While FIG. 2 illustrates two sets of unmapping bits with each block address, in other examples, more, fewer, or different numbers and/or sets of unmapping bits may be associated with each block address. Files may be created with a number of address blocks allotted for unmapping bits based on the requirements of the file and/or the virtual file system in which it belongs. As a result, different files may have different unmap granularities and, therefore, different numbers of address blocks allotted for unmapping bits after each block address. While the use of additional address blocks to store unmapping bits may reduce the quantity of file blocks that can be accessed, the improved unmap granularity provided enhances the efficiency and flexibility of memory usage with respect to VCIs hosted on host computing devices.

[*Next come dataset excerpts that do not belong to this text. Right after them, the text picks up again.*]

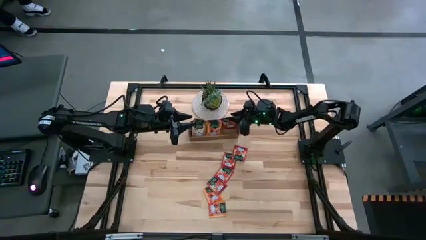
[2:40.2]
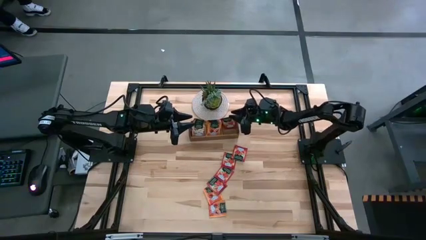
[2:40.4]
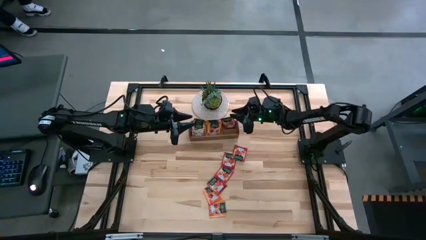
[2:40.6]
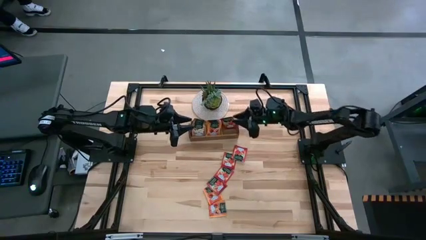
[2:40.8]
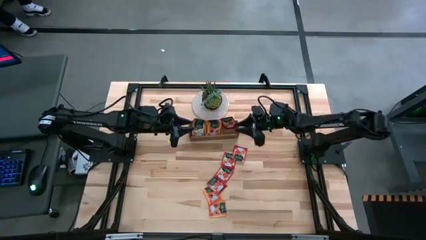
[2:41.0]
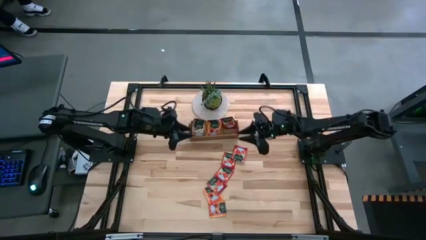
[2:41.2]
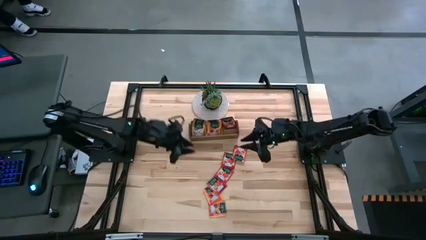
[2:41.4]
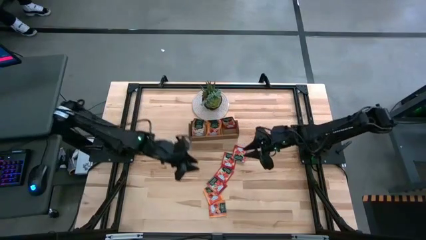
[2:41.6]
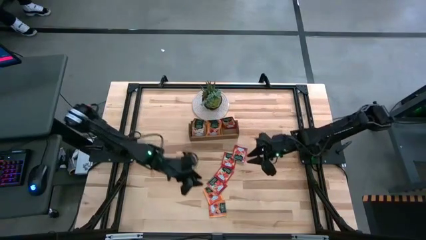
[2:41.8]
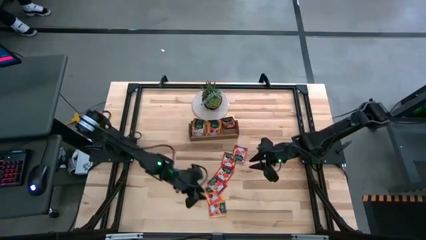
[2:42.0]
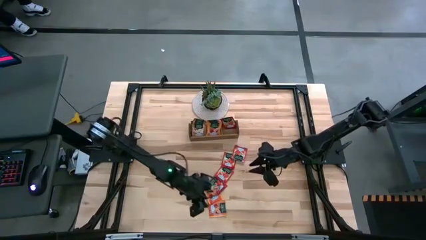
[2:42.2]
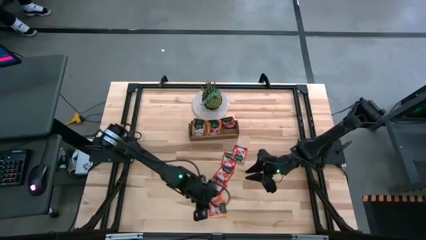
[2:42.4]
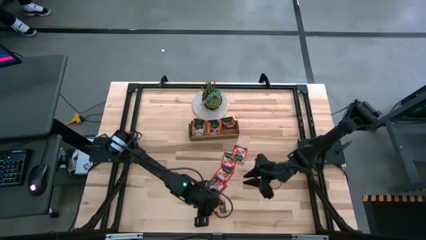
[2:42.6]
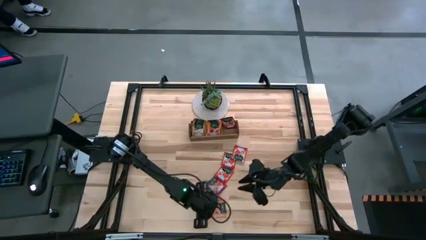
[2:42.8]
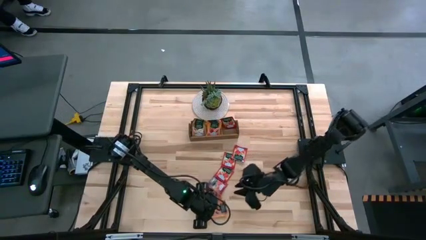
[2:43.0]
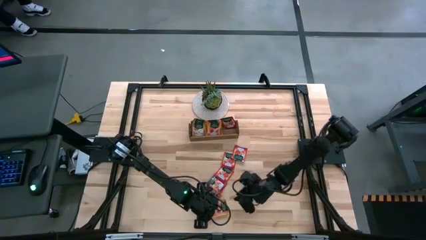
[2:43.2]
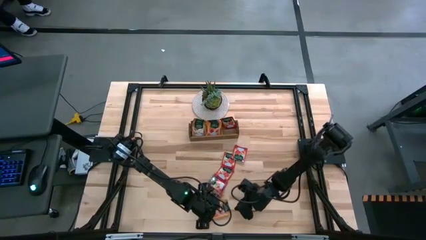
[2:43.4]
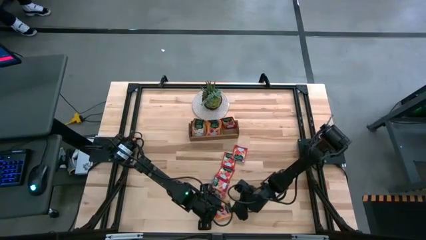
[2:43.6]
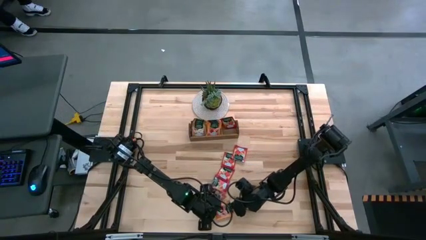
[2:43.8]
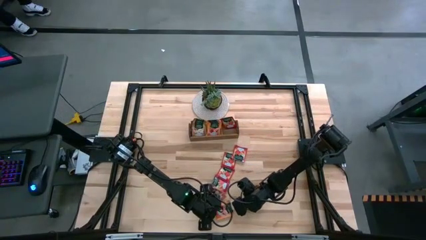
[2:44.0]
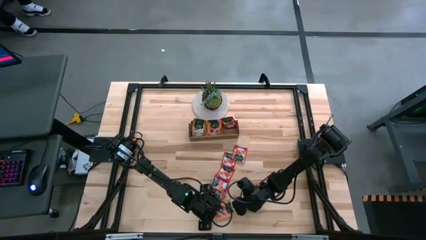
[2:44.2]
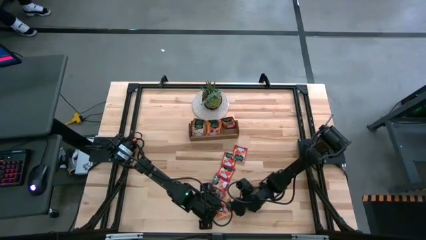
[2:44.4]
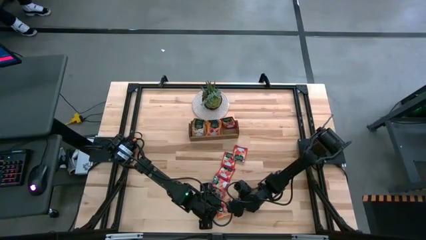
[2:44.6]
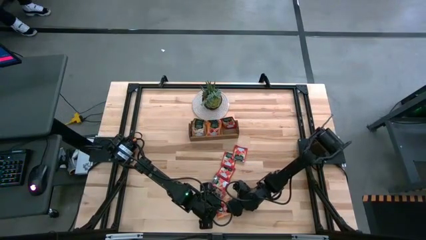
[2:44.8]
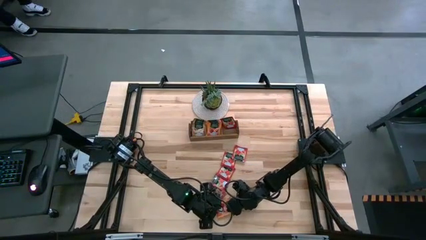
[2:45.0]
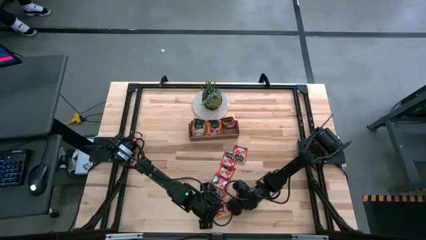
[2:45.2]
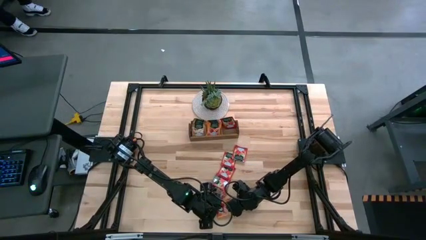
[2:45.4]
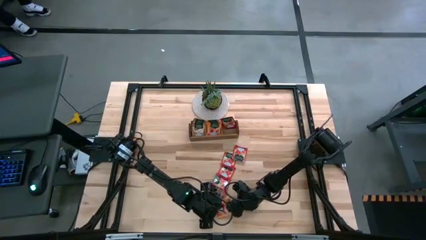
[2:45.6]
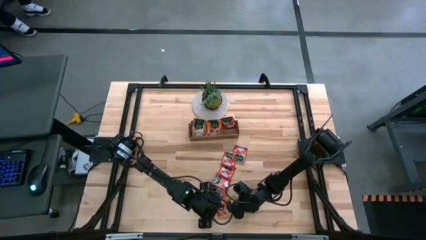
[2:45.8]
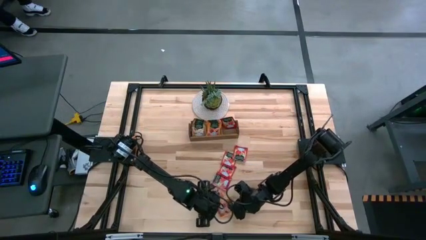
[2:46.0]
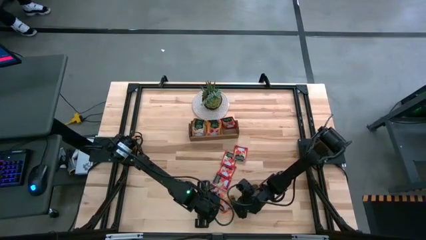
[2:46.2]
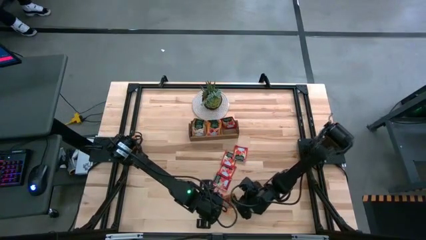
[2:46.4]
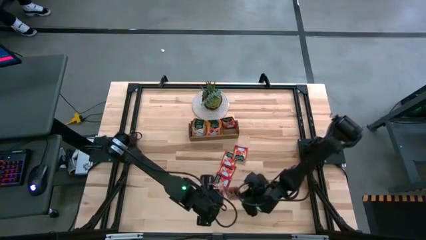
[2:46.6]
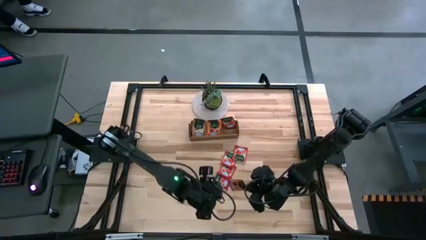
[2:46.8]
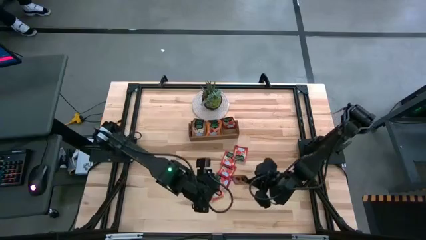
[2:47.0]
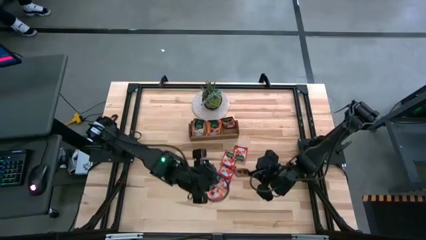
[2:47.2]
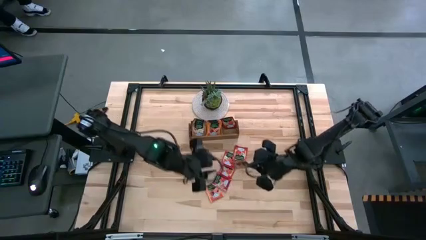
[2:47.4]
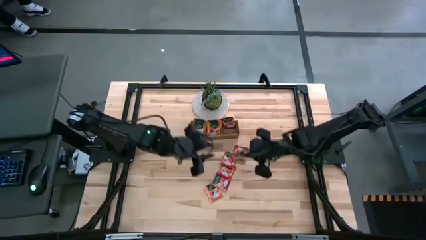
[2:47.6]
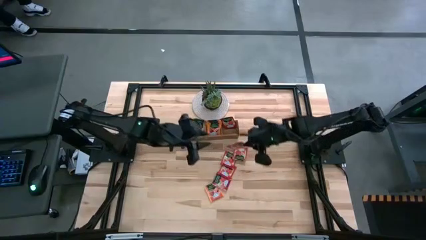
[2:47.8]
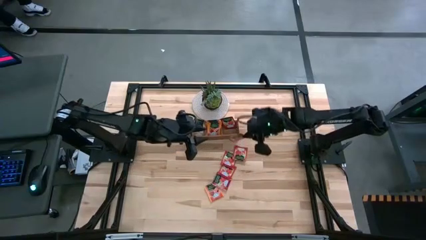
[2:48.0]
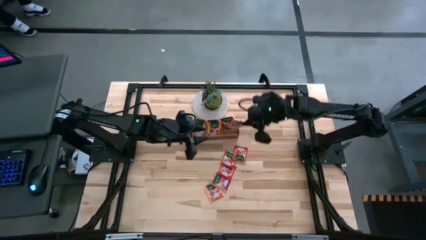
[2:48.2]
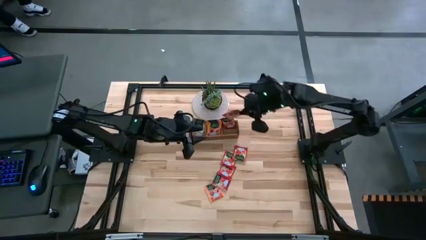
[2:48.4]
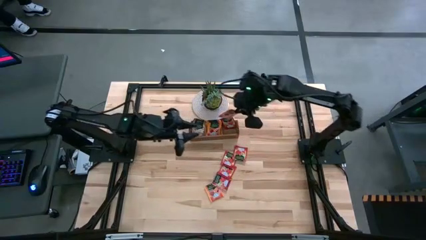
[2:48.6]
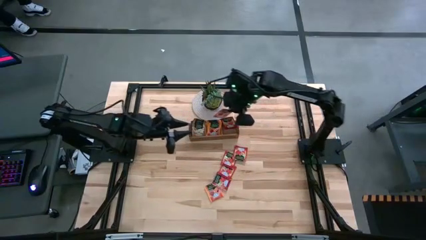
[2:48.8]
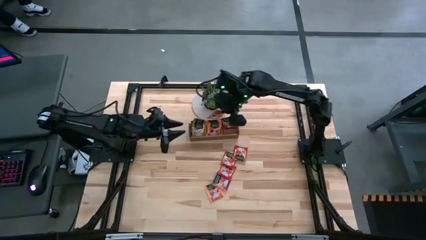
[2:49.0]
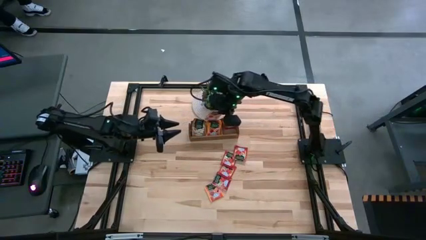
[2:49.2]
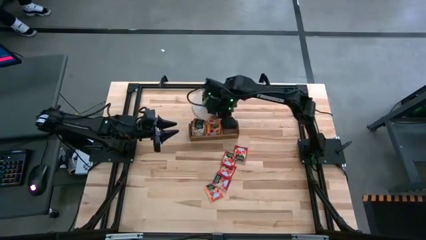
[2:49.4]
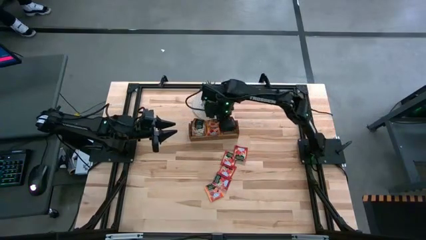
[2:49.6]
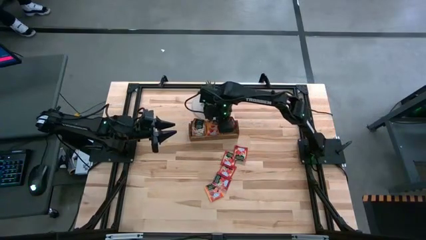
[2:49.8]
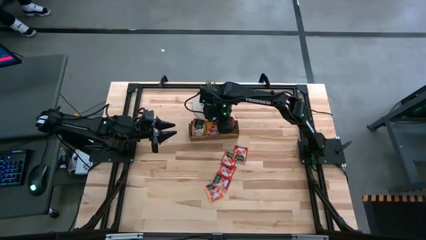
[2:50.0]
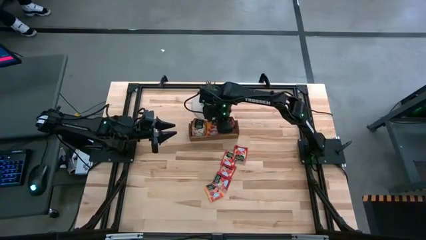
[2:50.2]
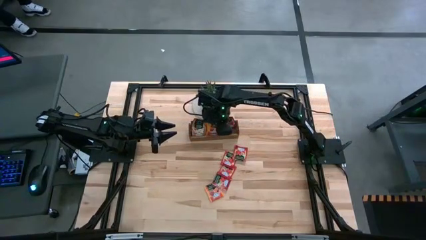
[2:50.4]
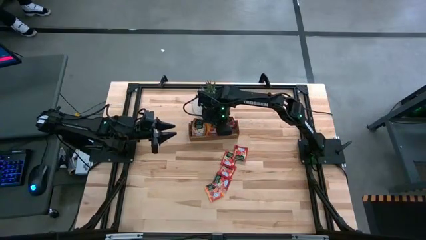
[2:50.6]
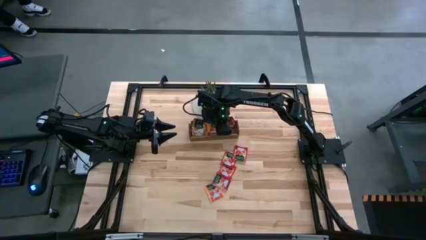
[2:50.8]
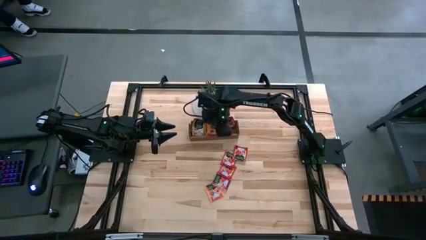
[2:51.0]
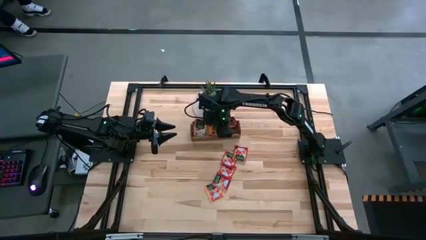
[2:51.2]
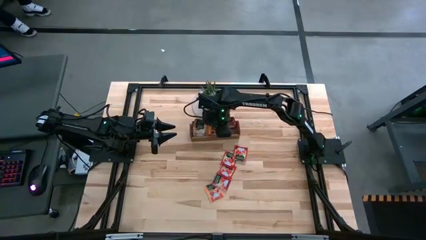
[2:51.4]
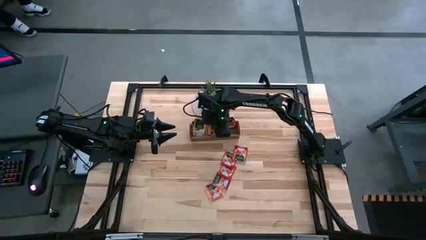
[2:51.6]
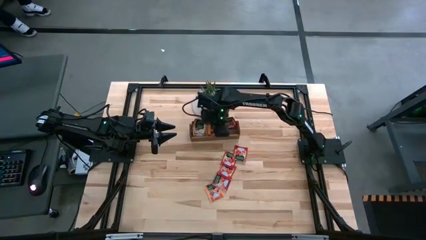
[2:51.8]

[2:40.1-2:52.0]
Task: Pick & Place Tea
Put the bottom orange tea bag into the middle section of the wooden organizer

The portions of the file block 204A that are represented by the unmapping bits 208A-208B are guest blocks 210A-210C. The unmap status of each of the guest blocks of a file block is represented by an unmapping bit such that, when a guest block is accessed, the system can determine whether the guest block is mapped or unmapped. If the unmapping bit indicates that a guest block is mapped (e.g., the unmapping bit is “unset”), then the guest block is allocated for use and should not be unmapped. A mapped guest block may be read from disk during a read operation and provide the data stored therein. However, if the unmapping bit indicates that the guest block is unmapped (e.g., the unmapping bit is “set”), the guest block is unallocated and may safely be allocated, edited, erased, etc. An unmapped guest block, when read during a read operation, provides zeroes, as the guest block is unallocated. Further, the guest block may be overwritten with zeroes when unmapped and/or when a read operation accesses the unmapped guest block.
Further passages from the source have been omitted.